EXERCISE: Write out all of the records below precisely as given, omitting the images.

EXERCISE INPUTS:
###

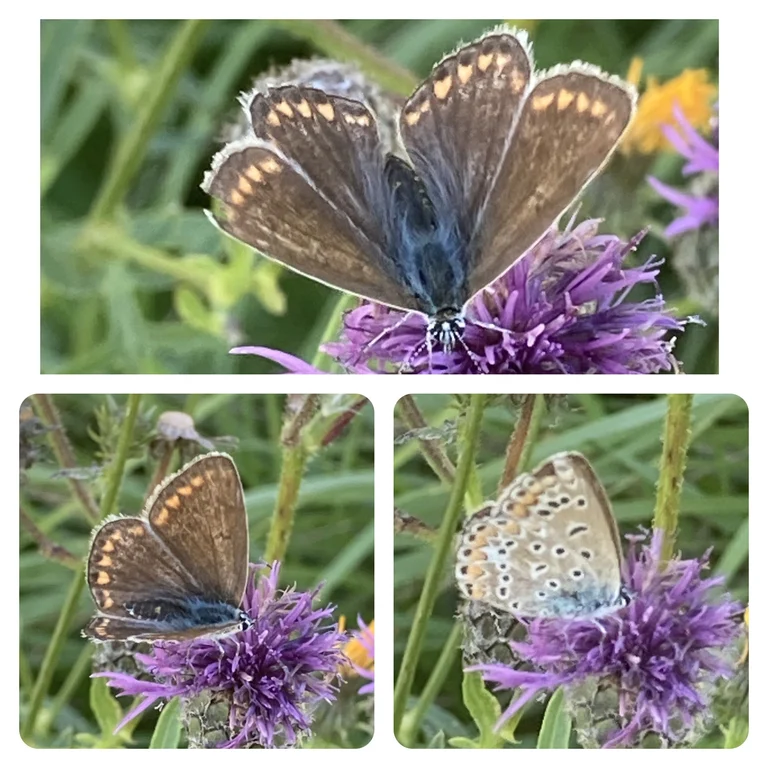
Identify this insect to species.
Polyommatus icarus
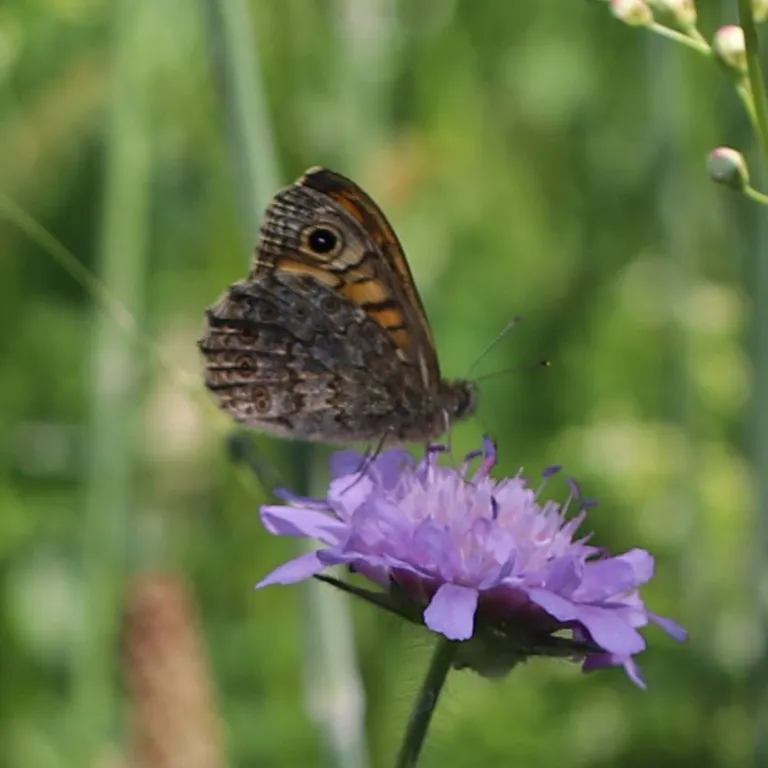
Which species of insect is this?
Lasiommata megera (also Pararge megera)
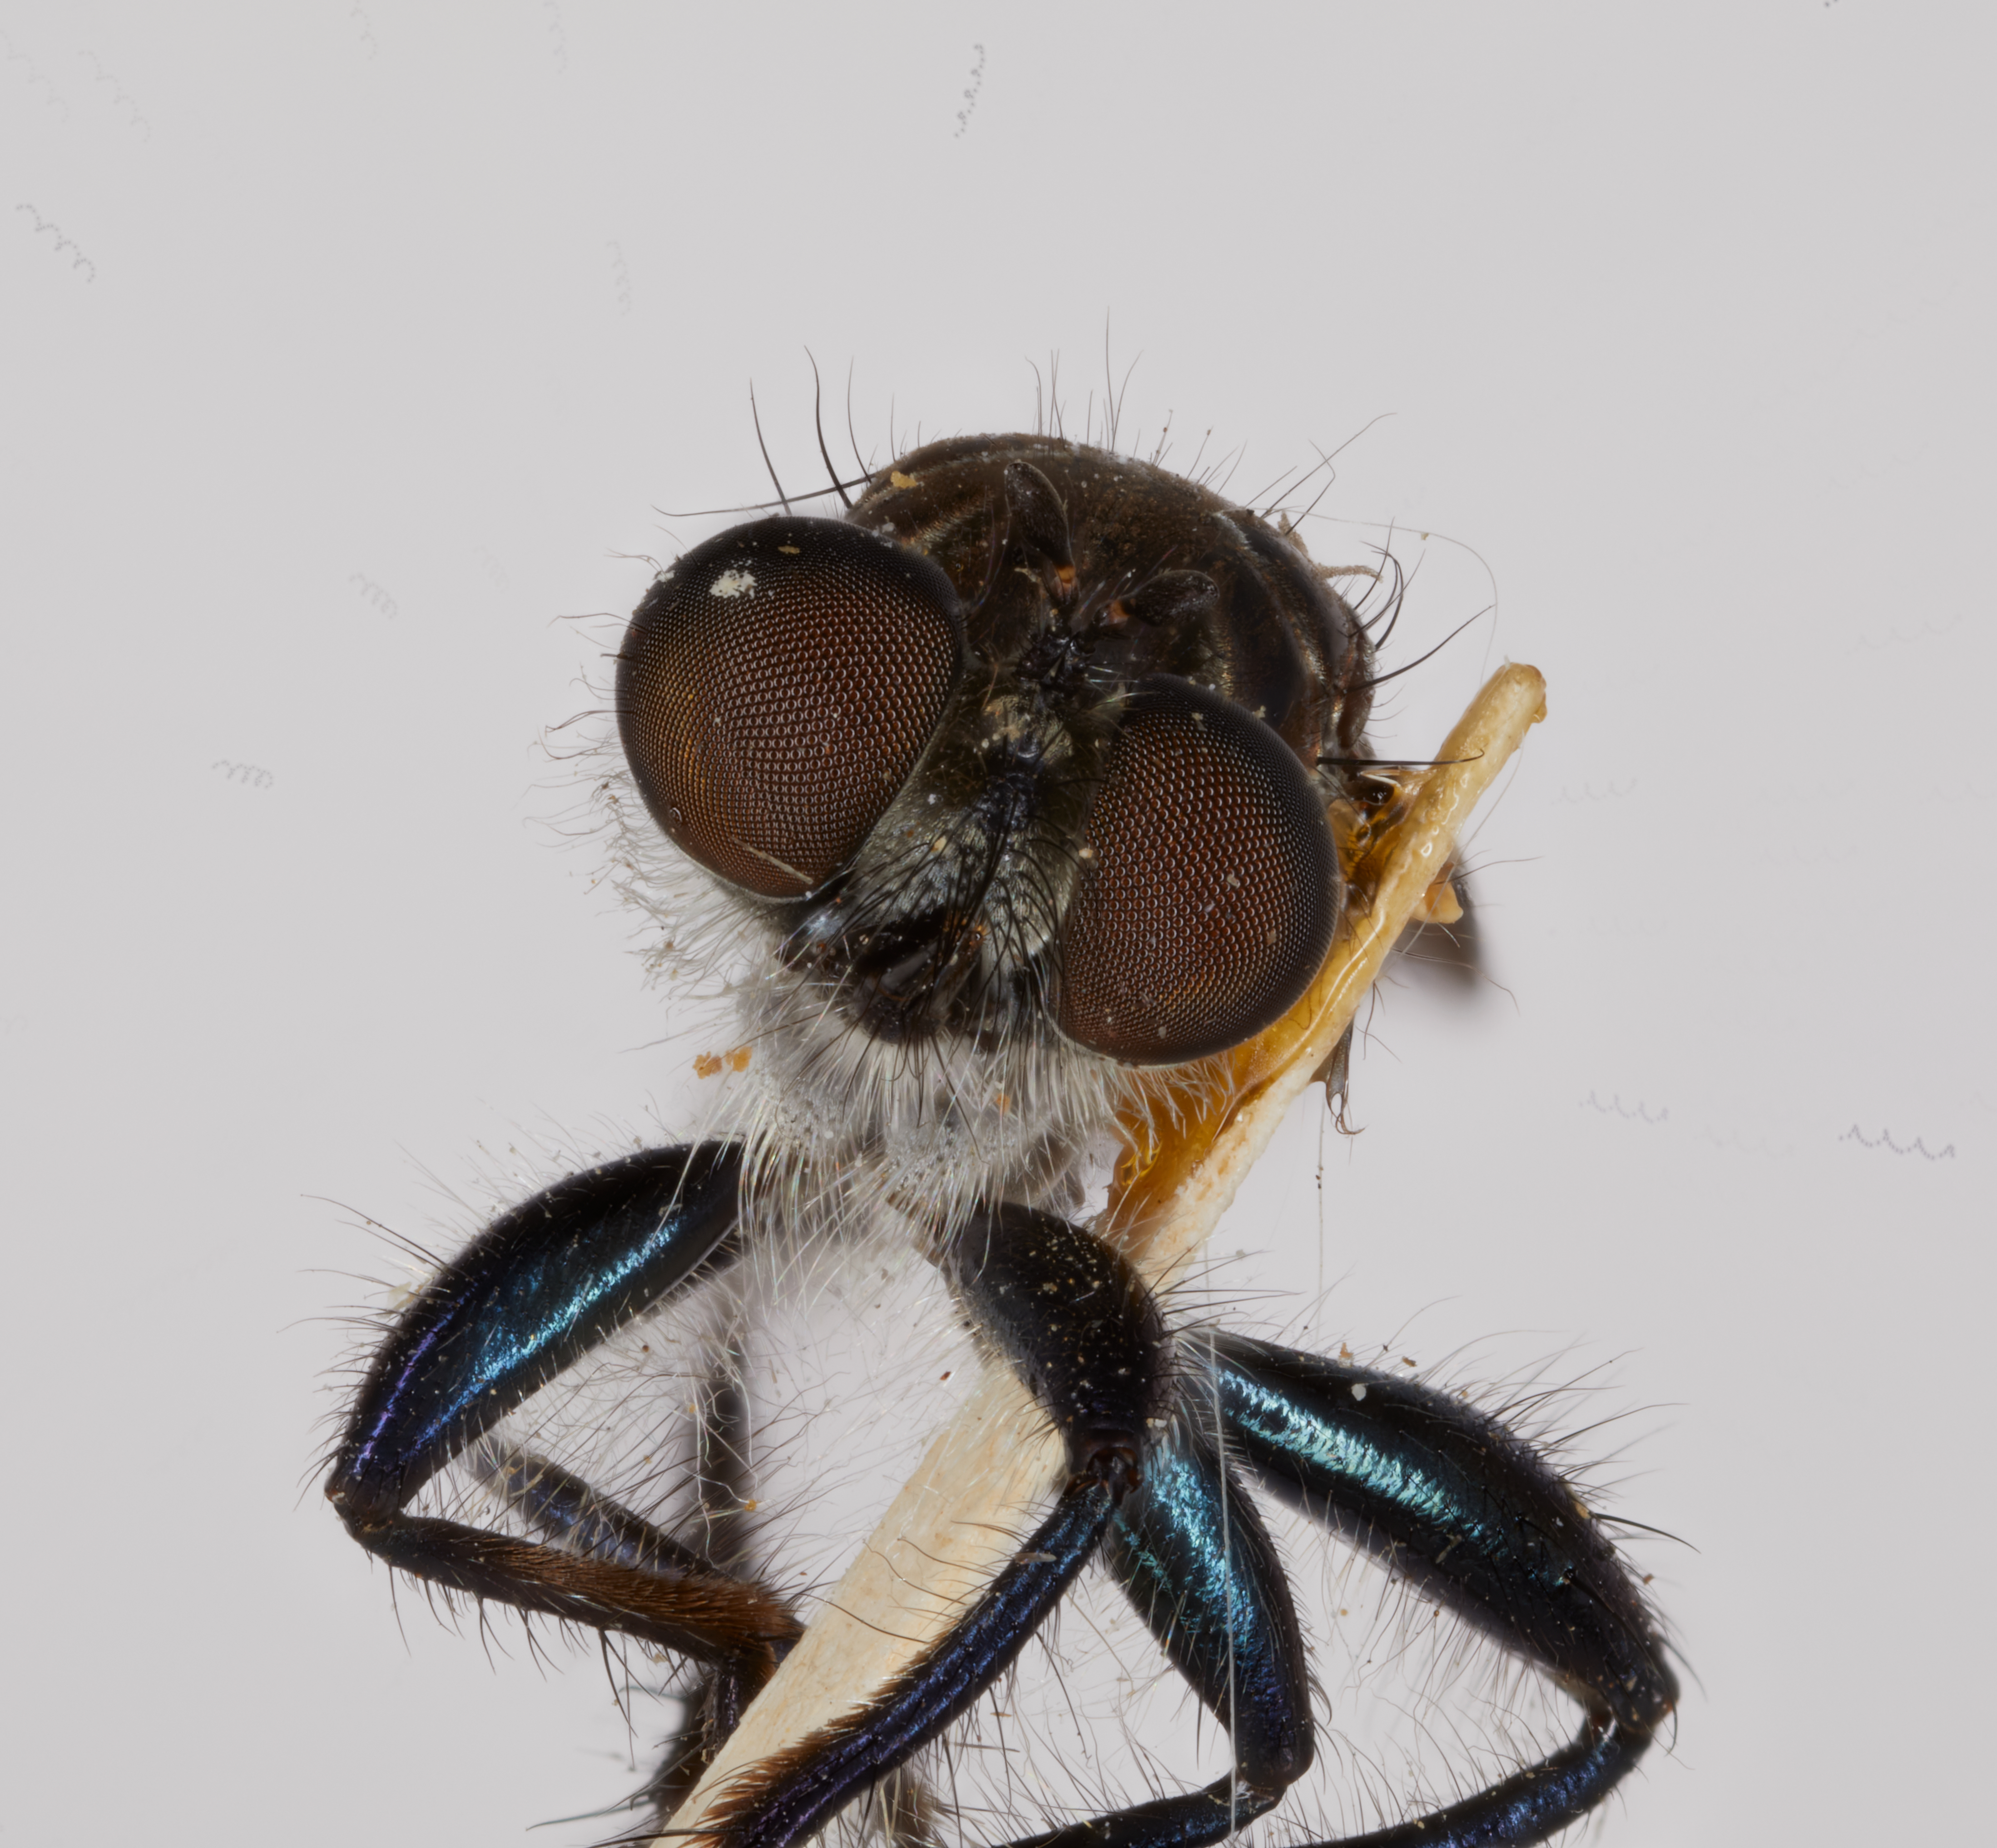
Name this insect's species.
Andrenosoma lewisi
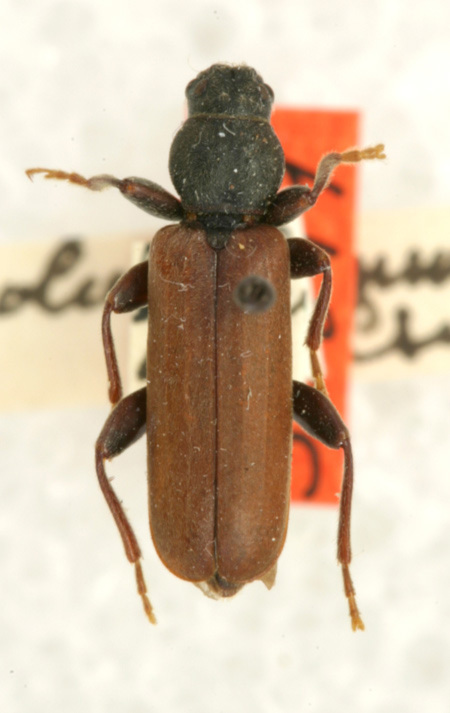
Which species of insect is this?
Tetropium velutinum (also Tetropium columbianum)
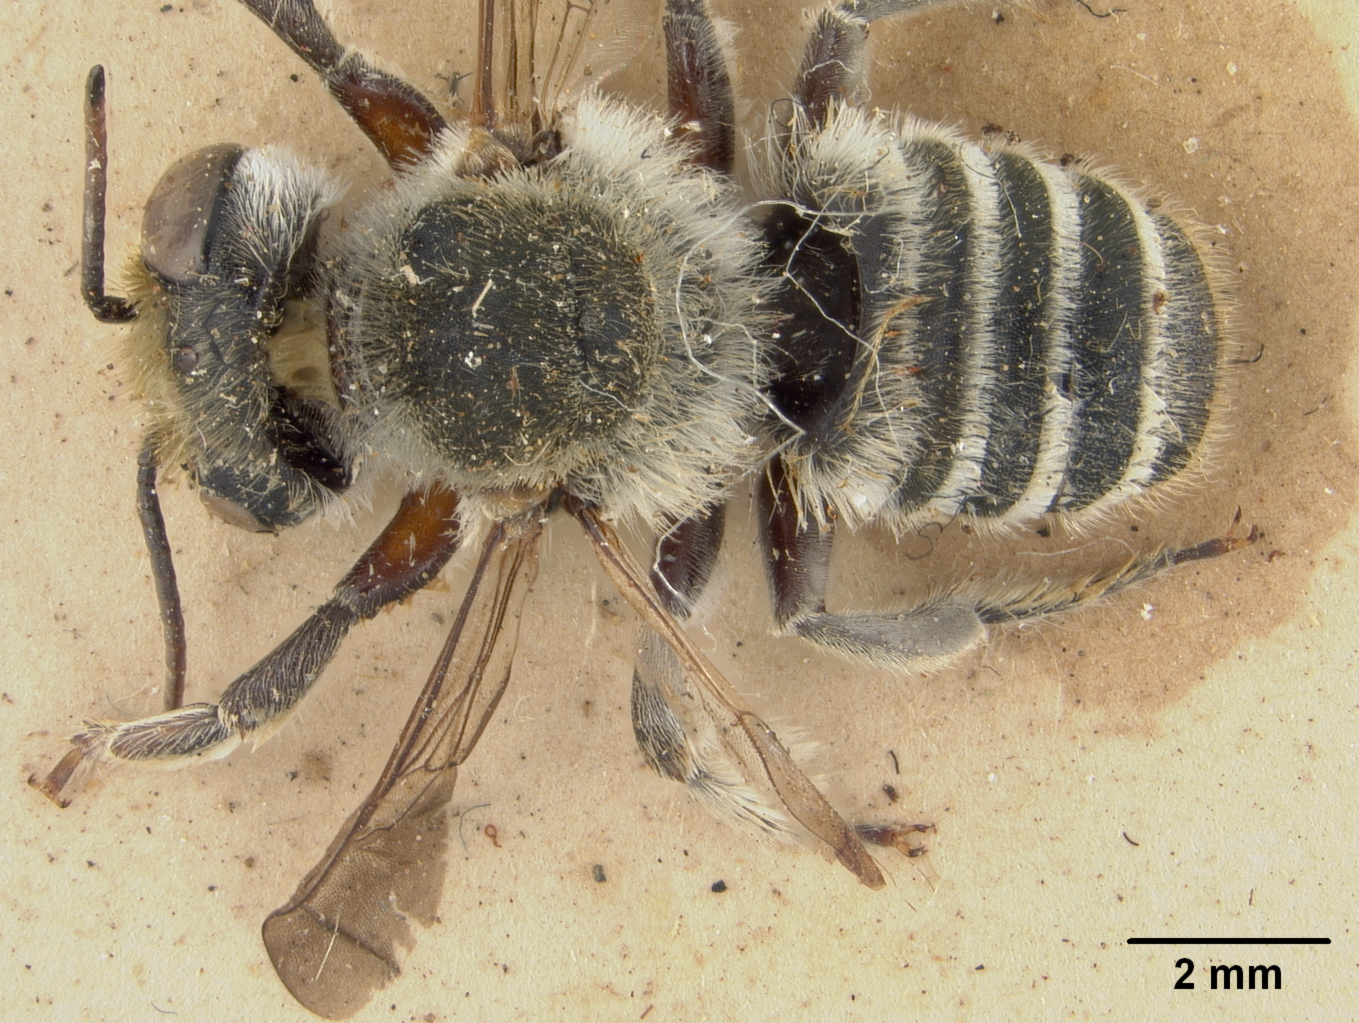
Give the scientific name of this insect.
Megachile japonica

###

SOLUTION TO THIS PROBLEM:
Identify this insect to species.
Polyommatus icarus
Which species of insect is this?
Lasiommata megera (also Pararge megera)
Name this insect's species.
Andrenosoma lewisi
Which species of insect is this?
Tetropium velutinum (also Tetropium columbianum)
Give the scientific name of this insect.
Megachile japonica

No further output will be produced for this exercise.